Back to Basics – Reviving ethnoveterinary Practices

India is a country with a rich civilization that also carries a vast reservoir of diverse knowledge. Indian civilization has valued knowledge, as evidenced by the country’s astoundingly massive corpus of intellectual writings, and the largest manuscript collection in the world, including its documented history of texts, thinkers, and educational institutions across a wide range of subject areas. These knowledge systems can be assessed using benchmarks other than Western standards. Even by today’s standards, many ancient sciences and technologies were highly sophisticated and more suited to specific regions, subjected to peculiar conditions than their “modern” counterparts, despite the term “traditional” frequently connoting “primitive” or “outdated” Systems.
In India, ethnoveterinary practices have been common since time immemorial. This knowledge is imprinted and carried to future generations in the form of text manuscripts, by word of mouth while most of the folk health practices largely remain undocumented.

According to the Government of India 2011 census data, the scheduled tribe population in India is about 8.6% of the total population. This population is subjected to abject poverty and economic backwardness, often lacking in proper education and healthcare facilities. For healthcare, the scheduled tribes mainly rely on traditional medicines that solely depend upon the supply through native medicinal plants.

Their knowledge of tribal medicine, also referred to as “folk” or “indigenous” medicine, is primarily oral and is typically passed down orally from generation to generation without the use of written records, making record-keeping and documentation nearly impossible. Currently, however, the indigenous knowledge of these practices is gradually disappearing due to the dominant urban culture. Studies indicate that about 8000 plant species and about 25,000 formulations based on folk medicine are used by India’s tribal and ethnic populations as part of their healthcare systems.

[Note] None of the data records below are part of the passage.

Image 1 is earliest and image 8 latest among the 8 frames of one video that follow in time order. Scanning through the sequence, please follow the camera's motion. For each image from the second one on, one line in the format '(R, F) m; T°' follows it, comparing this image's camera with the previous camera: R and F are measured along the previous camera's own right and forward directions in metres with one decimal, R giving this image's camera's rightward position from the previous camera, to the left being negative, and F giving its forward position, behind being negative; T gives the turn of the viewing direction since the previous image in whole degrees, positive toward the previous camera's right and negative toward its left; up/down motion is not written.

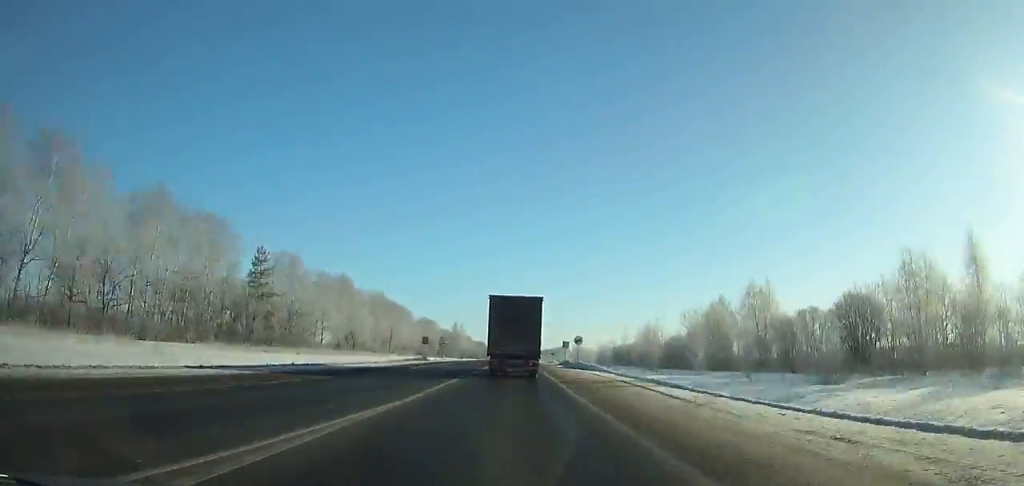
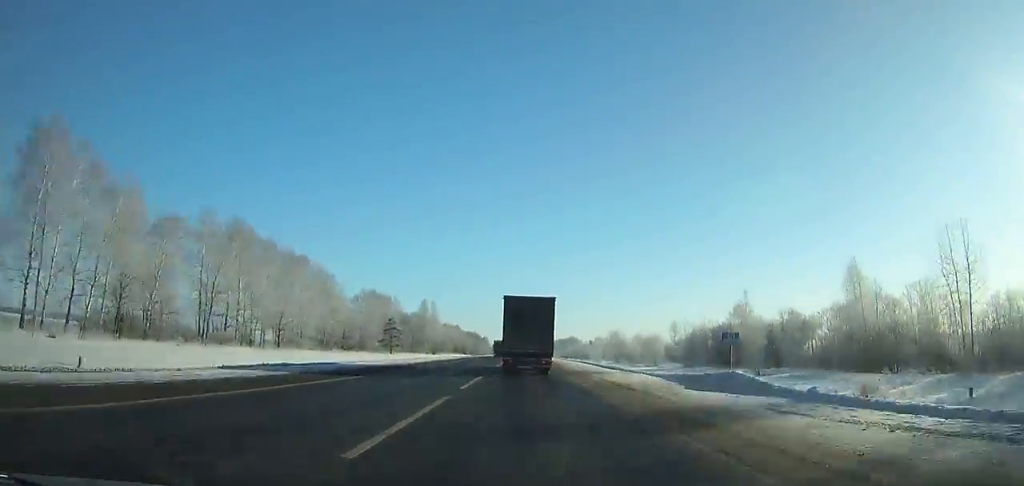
(+0.3, +102.3) m; 0°
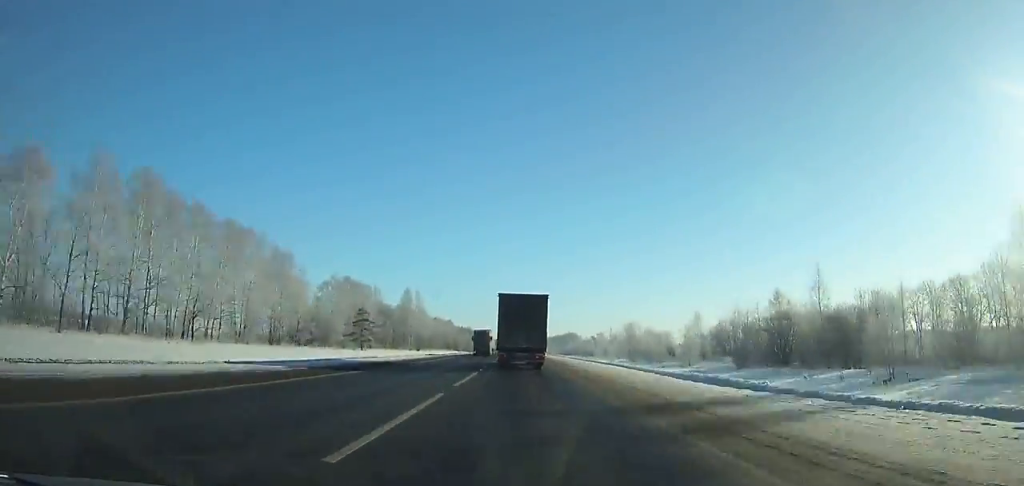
(+0.2, +24.7) m; 0°
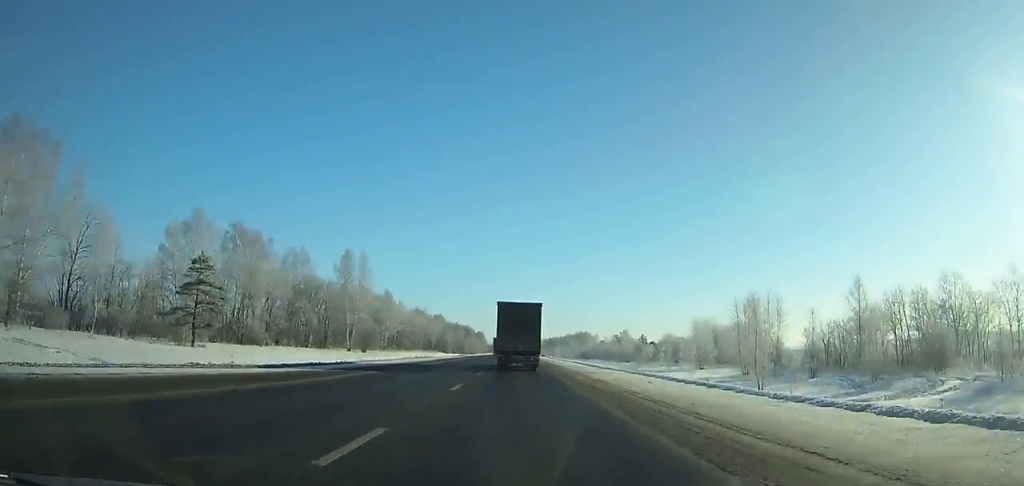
(-0.4, +67.8) m; 0°
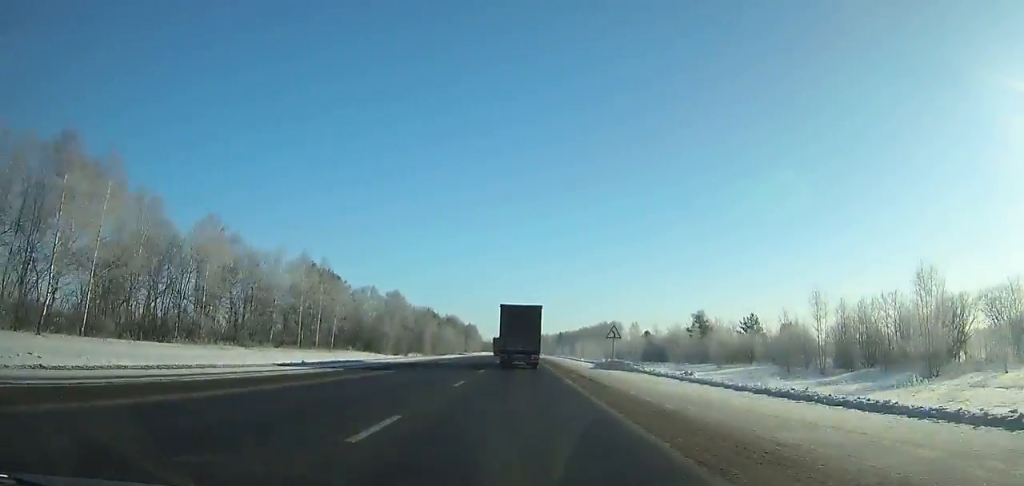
(-0.7, +119.3) m; 0°
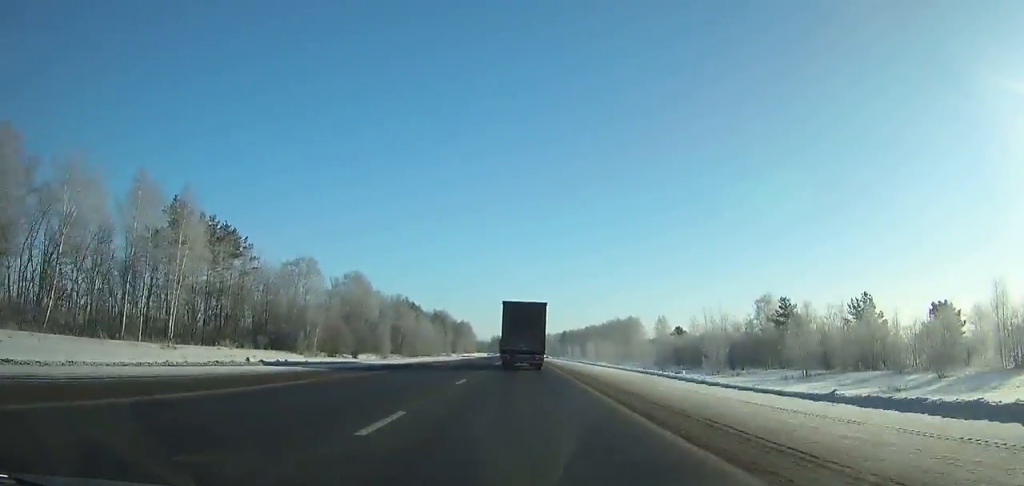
(0.0, +46.9) m; 0°
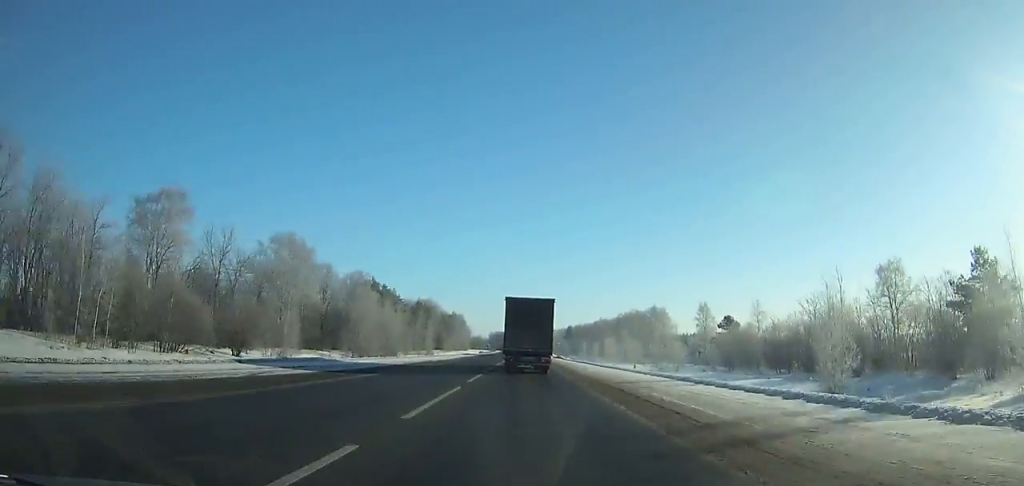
(0.0, +44.3) m; 0°
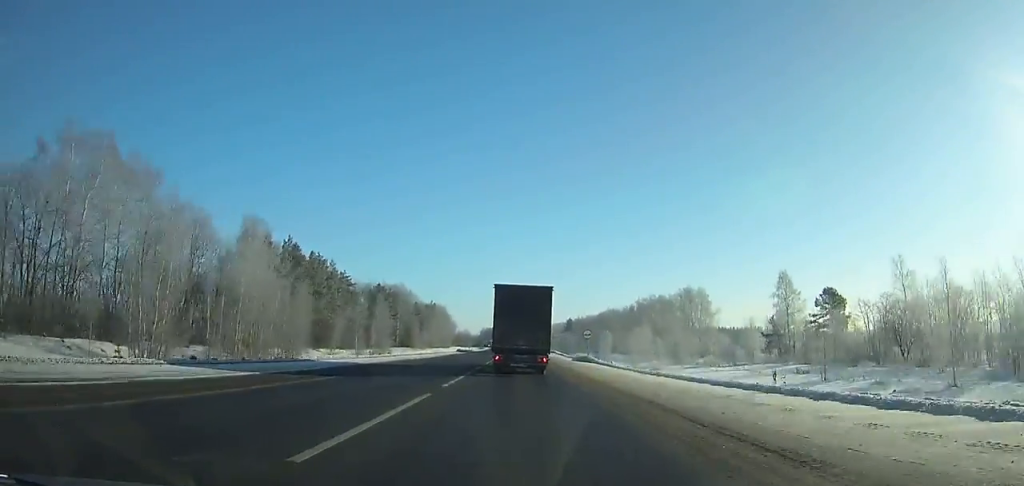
(0.0, +49.9) m; 0°

To revive and benefit from these “primitive” or “outdated” medicinal practices, the Gram Nirman team of Caritas India has identified, brought attention to, and attempted to restore the age-old practices with local village-based practitioners. The community was motivated to reinstate this kind of practice for the next generation after the Asset Based Community Driven Development exercise (ABCD) assisted them in realizing that traditional skills and knowledge are gradually disappearing. The Gram Nirman program has made it easier to find ethnoveterinary practitioners who can instruct the next generation so they can study and work in their communities. Herbs, flowers, and bushes that might be found locally were utilized to make medications for cattle like cows as well as small ruminants like pigs, chickens, and goats. The Gram Nirman team is prepared to document and disseminate these kinds of practices for upcoming generations with the support of Caritas Australia.

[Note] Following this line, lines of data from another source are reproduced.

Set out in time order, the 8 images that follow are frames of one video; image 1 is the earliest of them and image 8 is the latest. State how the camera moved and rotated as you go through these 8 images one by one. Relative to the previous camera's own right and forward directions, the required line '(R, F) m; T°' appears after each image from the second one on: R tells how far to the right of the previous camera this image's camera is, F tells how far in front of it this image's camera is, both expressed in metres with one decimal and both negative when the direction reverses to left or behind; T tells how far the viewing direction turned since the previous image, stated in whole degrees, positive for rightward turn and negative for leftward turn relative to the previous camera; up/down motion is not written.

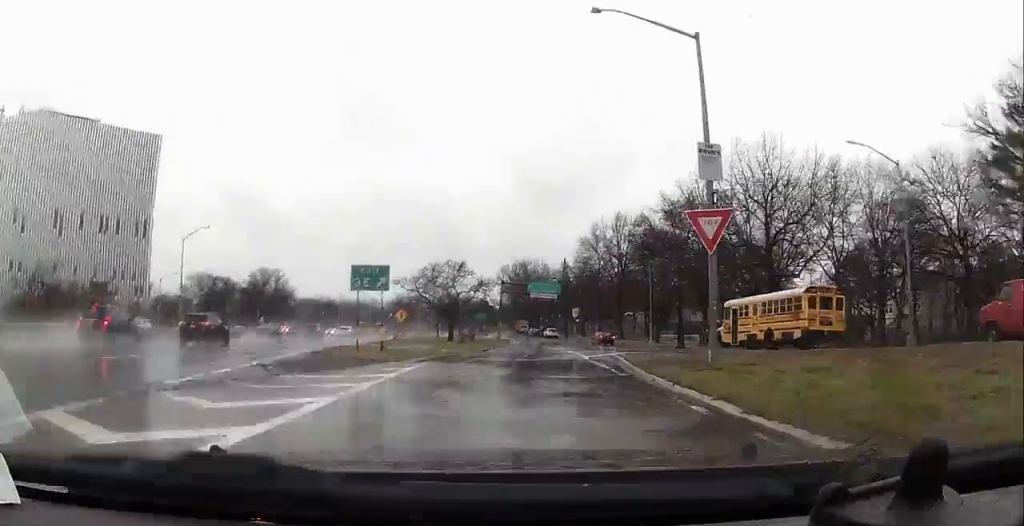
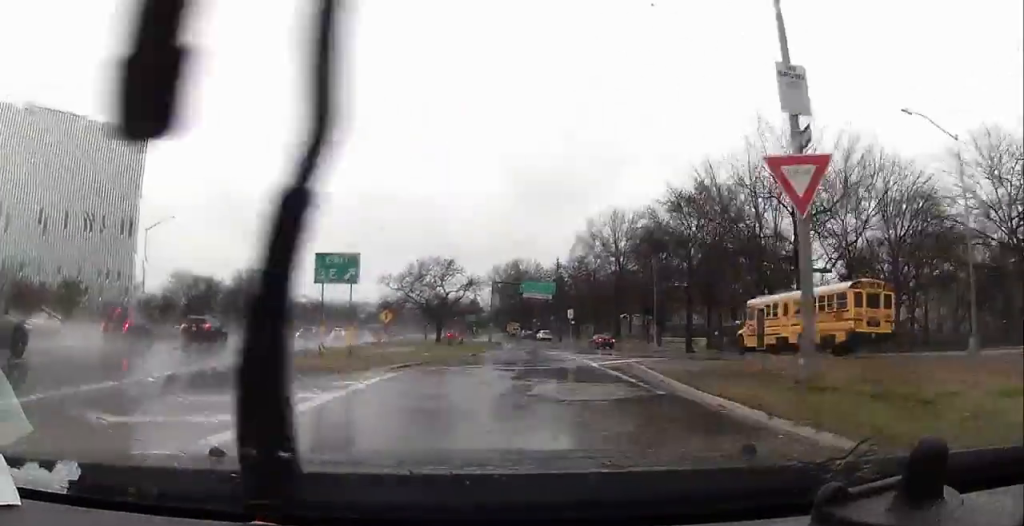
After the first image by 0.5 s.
(0.0, +5.0) m; 0°
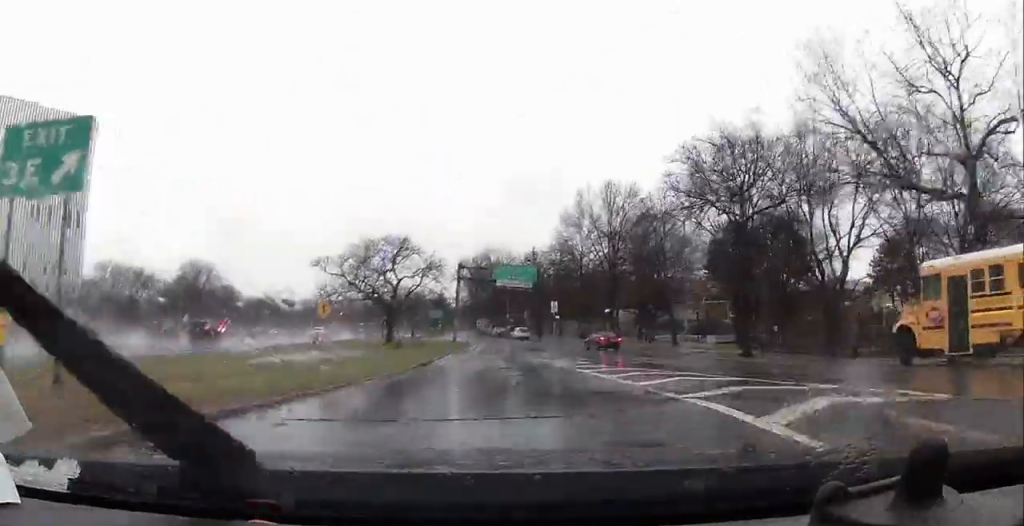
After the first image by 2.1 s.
(+0.2, +17.4) m; +1°
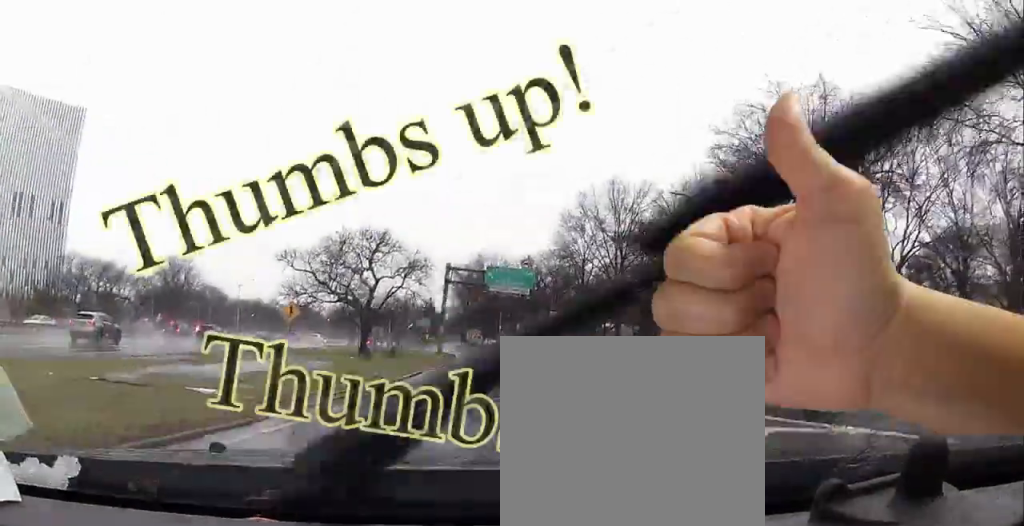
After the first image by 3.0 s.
(0.0, +8.4) m; -1°
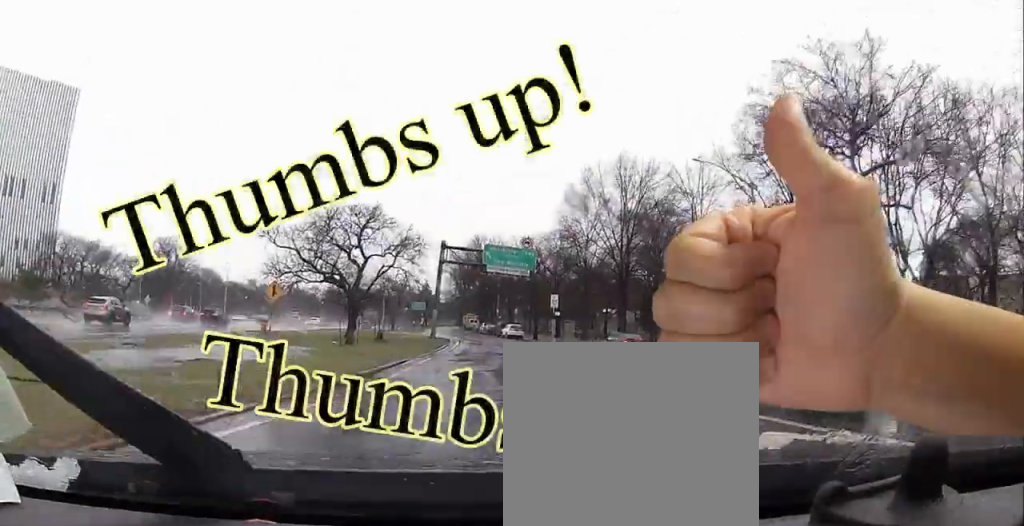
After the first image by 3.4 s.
(-0.1, +4.0) m; 0°
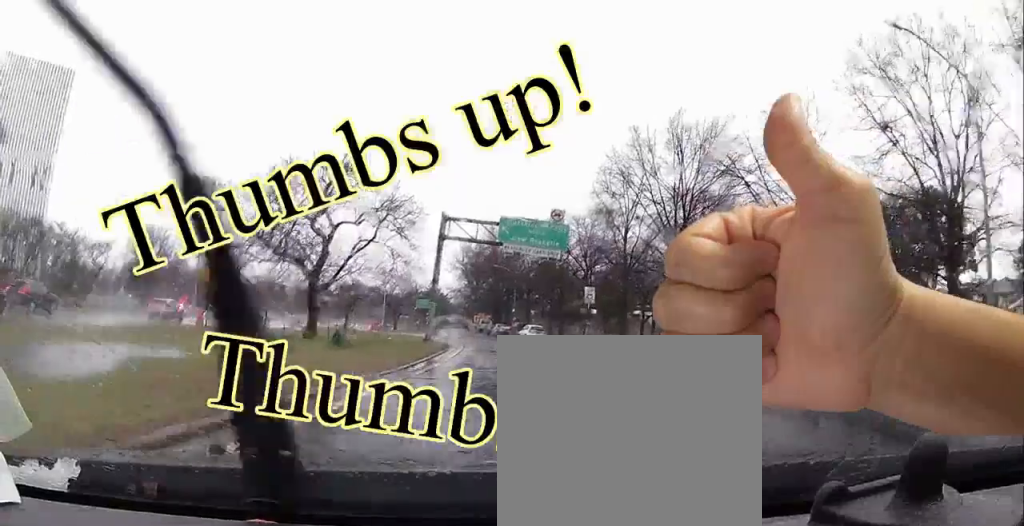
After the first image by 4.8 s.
(-0.1, +14.5) m; +3°
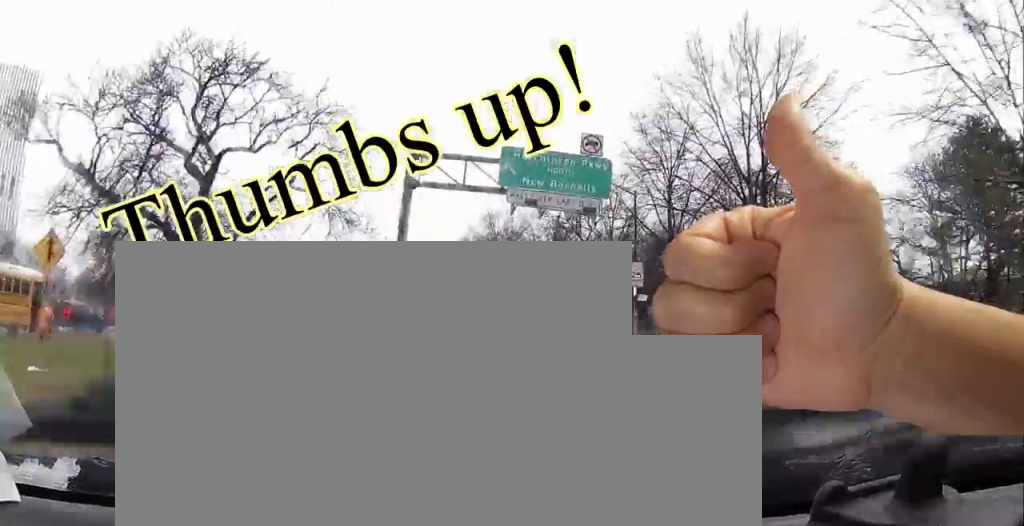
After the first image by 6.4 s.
(+0.4, +15.5) m; -1°
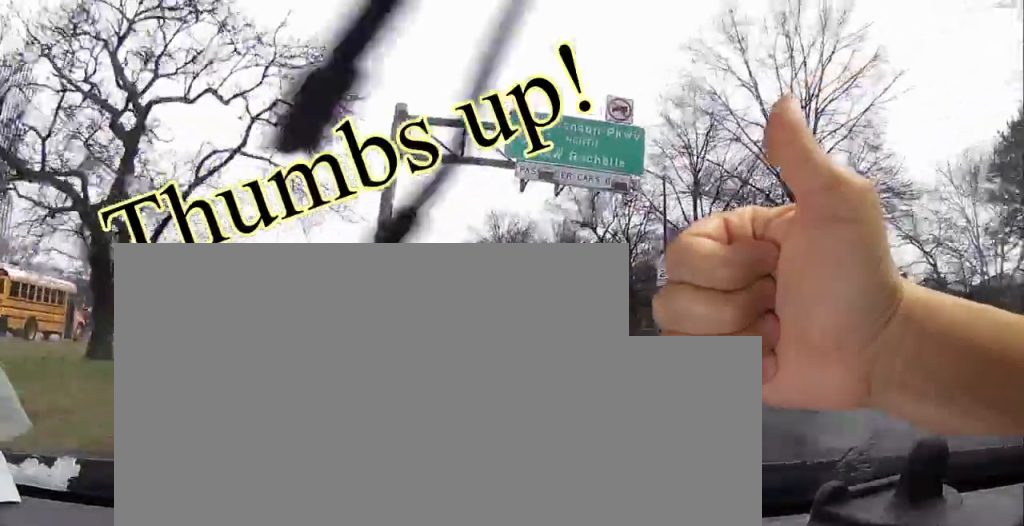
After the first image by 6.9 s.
(-0.2, +5.0) m; -2°

As witnessed by the community in the past, one of the most significant viral infections affecting poultry is Ranikhet disease, often called Newcastle disease, which affects a variety of birds, including chickens. Pigs suffering from swine flu may exhibit symptoms such as fever, depression, coughing (barking), discharge from the nose or eyes, and other dire symptoms. Acute infectious diseases like gal-ghotu can affect sheep, goats, and cattle. Usually, the illness becomes endemic shortly before and during the monsoon season. Some animals pass away within 24 to 36 hours of becoming ill. PPR disease—also referred to as “Goat Plague”—is an acute, highly contagious, transboundary viral disease that affects sheep and goats. Such diseases have significantly reduced the productivity of small ruminants in many areas of the Gram Nirman program field area and caused high rates of morbidity and mortality, rendering severe financial blow to the farmer. By reintroducing ethnoveterinary treatment, the Gram Nirman program is attempting to revive and restore indigenous solutions that could be easily practised by the community.

Mr. Bachray Munda is one of the ethnoveterinary practitioners who hails from Kamta village Angara block, Ranchi District of Jharkhand. Munda carries a sound knowledge of primitive/old practice of treating cattle like cows as well as small ruminants like pigs, chickens, and goats. He has been passing the knowledge to the young generation and prepared 55 more individuals who have learned the traditional methods of treating ruminants. These individuals are now playing a major role in the restoration of these “primitive” or “outdated” medicinal practices in 15 villages of Angara Block.


With similar initiatives in place in 11 districts, 165 isolated villages in Jharkhand and Chhattisgarh are covered. Over time, the tribal communities have come to understand that, when compared to modern treatment, indigenous medicine is a highly viable option for remote villages where accessibility is a major challenge. Herds of animals often die due to untimely medication from veterinary departments or local clinics. As a preventative effort, the community has begun using traditional medication to treat animals based on inherited indigenous practices.